■ WHAT THE TASK REQUIRES
Please find all lines in the data that hold the string "name" and copy them.

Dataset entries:
== Segment start ==

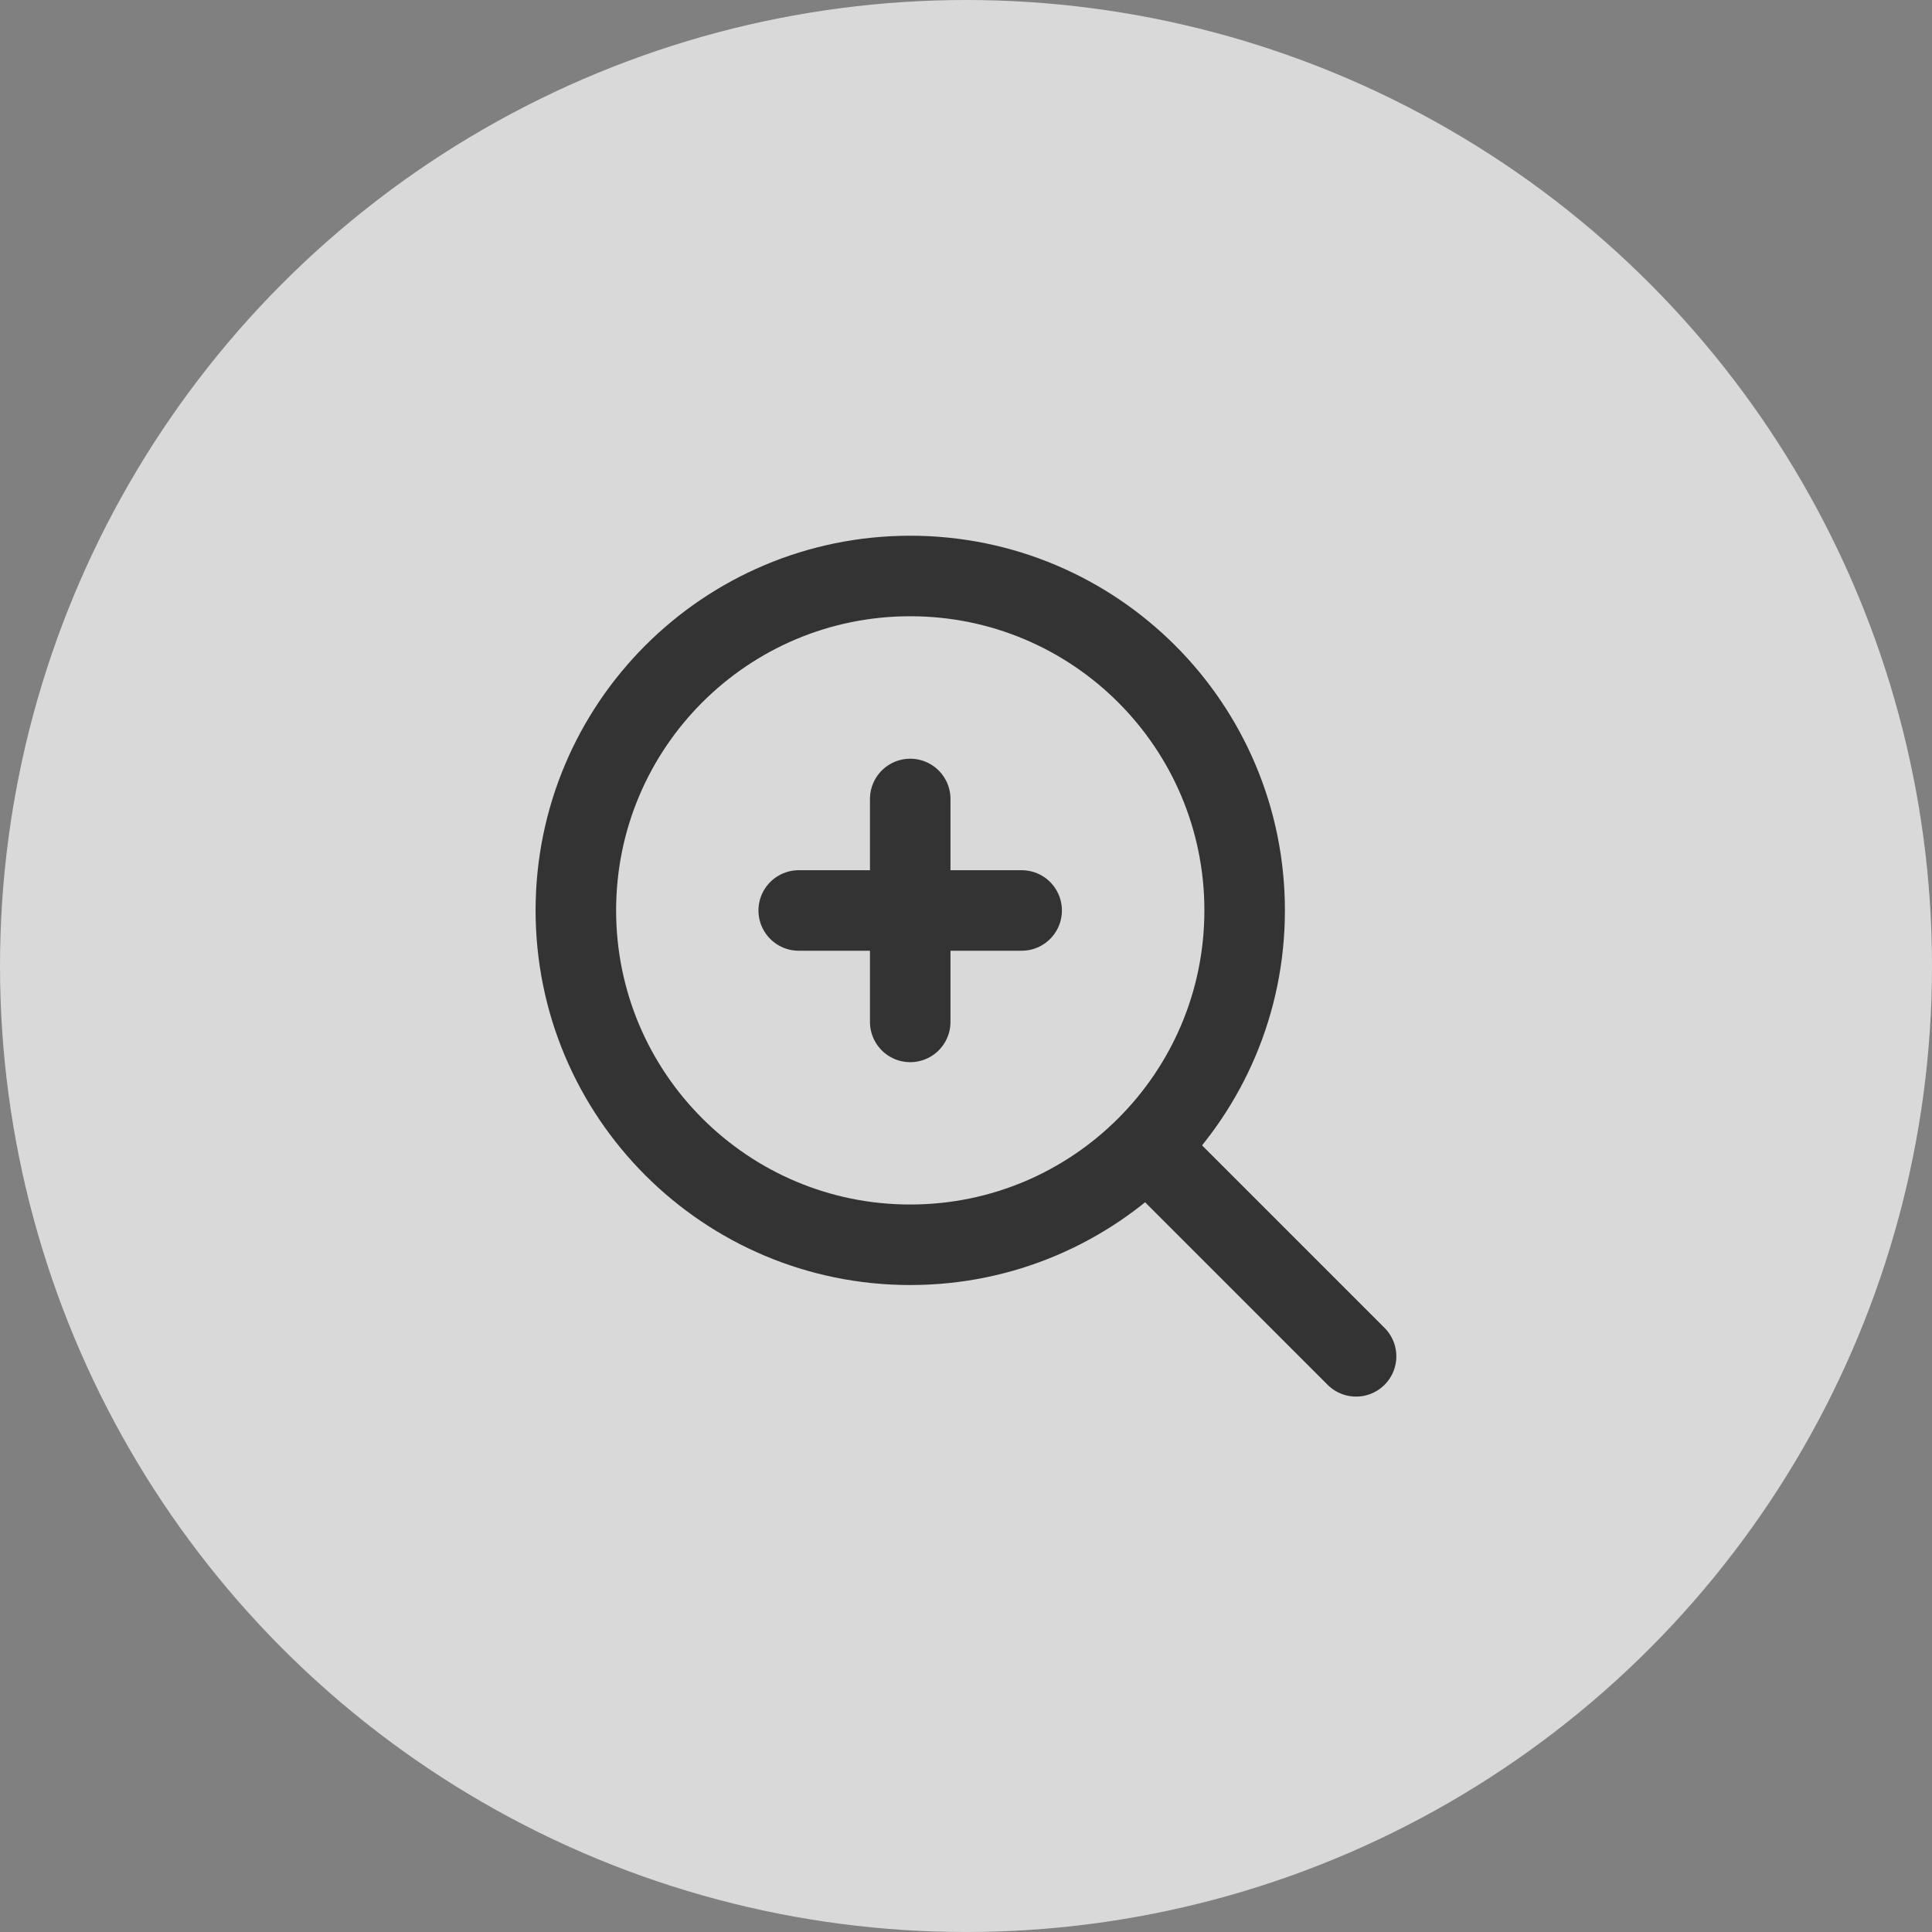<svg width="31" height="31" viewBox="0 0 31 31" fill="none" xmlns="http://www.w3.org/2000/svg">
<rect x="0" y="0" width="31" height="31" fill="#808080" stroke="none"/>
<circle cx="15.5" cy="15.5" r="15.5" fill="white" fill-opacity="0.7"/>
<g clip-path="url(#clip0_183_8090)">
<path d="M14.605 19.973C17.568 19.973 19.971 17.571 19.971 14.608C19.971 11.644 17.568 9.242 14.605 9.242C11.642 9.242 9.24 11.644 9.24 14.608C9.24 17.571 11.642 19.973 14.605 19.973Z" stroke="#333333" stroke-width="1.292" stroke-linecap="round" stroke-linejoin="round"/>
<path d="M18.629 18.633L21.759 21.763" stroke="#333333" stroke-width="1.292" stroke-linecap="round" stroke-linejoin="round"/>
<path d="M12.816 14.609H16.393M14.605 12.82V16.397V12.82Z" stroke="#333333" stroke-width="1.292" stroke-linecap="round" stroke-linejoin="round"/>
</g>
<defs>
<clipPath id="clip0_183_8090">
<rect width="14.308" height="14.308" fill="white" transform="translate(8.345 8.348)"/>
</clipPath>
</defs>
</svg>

== Segment end ==
== Segment start ==

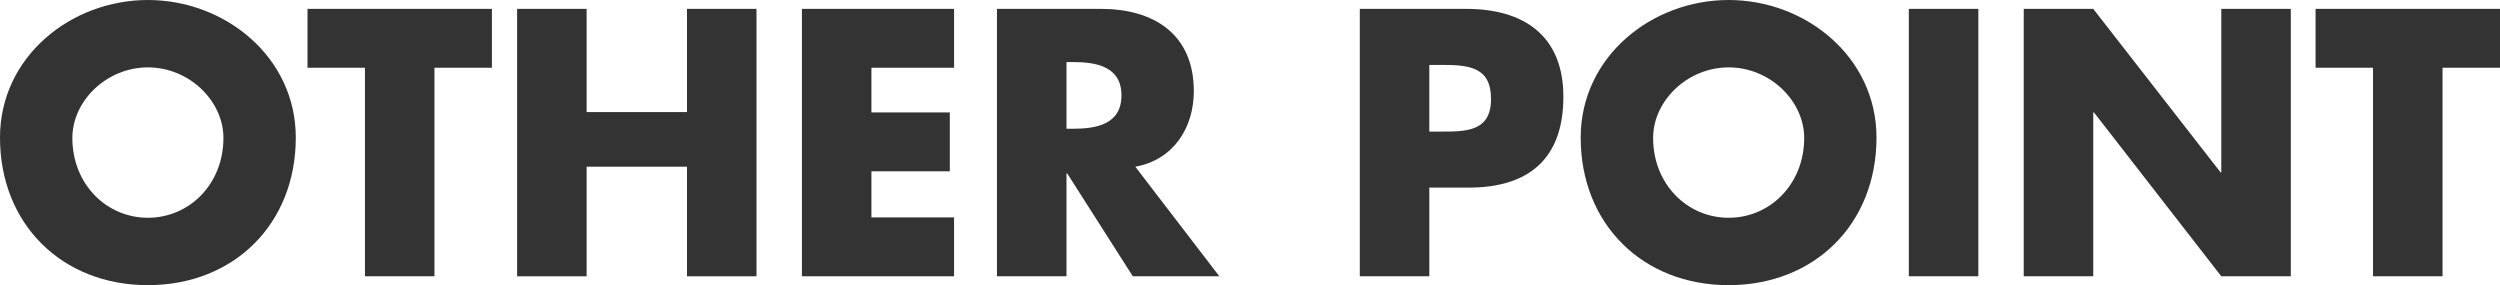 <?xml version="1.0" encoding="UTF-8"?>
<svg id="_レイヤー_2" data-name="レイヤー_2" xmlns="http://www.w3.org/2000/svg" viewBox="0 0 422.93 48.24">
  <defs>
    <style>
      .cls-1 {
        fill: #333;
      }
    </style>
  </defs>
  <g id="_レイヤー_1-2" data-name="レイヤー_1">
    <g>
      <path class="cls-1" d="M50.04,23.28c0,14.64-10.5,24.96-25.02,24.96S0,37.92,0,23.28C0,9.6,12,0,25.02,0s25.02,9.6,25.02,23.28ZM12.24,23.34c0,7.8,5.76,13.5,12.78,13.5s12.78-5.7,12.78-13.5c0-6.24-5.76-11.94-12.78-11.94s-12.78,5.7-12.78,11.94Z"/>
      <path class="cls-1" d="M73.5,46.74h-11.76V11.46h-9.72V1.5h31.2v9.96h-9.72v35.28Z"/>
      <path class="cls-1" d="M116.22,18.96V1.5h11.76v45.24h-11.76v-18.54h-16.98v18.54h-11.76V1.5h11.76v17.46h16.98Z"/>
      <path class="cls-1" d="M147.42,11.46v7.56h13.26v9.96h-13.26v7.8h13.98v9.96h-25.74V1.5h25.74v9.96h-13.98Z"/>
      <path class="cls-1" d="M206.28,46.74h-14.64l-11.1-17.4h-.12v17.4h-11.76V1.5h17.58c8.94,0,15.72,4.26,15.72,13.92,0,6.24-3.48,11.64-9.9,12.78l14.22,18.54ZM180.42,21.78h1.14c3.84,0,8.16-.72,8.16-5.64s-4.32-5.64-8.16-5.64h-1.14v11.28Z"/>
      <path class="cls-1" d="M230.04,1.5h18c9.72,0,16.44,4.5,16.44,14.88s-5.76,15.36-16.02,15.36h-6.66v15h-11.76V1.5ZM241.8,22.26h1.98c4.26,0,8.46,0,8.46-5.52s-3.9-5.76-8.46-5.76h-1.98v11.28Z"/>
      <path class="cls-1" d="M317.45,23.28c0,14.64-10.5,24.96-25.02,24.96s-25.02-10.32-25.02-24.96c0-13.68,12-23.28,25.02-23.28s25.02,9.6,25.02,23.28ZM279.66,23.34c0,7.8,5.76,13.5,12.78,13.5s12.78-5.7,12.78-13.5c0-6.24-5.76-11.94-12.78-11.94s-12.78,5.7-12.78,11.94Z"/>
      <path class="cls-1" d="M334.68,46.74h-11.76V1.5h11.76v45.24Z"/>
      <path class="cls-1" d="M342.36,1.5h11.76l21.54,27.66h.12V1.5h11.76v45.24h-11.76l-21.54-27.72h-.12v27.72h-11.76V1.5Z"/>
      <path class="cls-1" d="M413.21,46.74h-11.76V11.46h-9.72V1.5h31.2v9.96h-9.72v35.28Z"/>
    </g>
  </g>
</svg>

== Segment end ==
== Segment start ==

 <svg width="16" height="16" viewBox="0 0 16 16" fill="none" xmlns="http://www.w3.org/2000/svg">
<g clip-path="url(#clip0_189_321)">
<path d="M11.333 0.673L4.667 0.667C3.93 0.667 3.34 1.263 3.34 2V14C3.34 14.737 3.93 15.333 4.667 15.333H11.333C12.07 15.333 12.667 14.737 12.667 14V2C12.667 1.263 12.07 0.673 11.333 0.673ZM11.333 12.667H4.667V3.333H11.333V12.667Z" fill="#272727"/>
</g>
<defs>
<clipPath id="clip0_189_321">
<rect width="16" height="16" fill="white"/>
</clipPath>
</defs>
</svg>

== Segment end ==

■ REPLY
<svg id="_レイヤー_2" data-name="レイヤー_2" xmlns="http://www.w3.org/2000/svg" viewBox="0 0 422.93 48.24">
  <g id="_レイヤー_1-2" data-name="レイヤー_1">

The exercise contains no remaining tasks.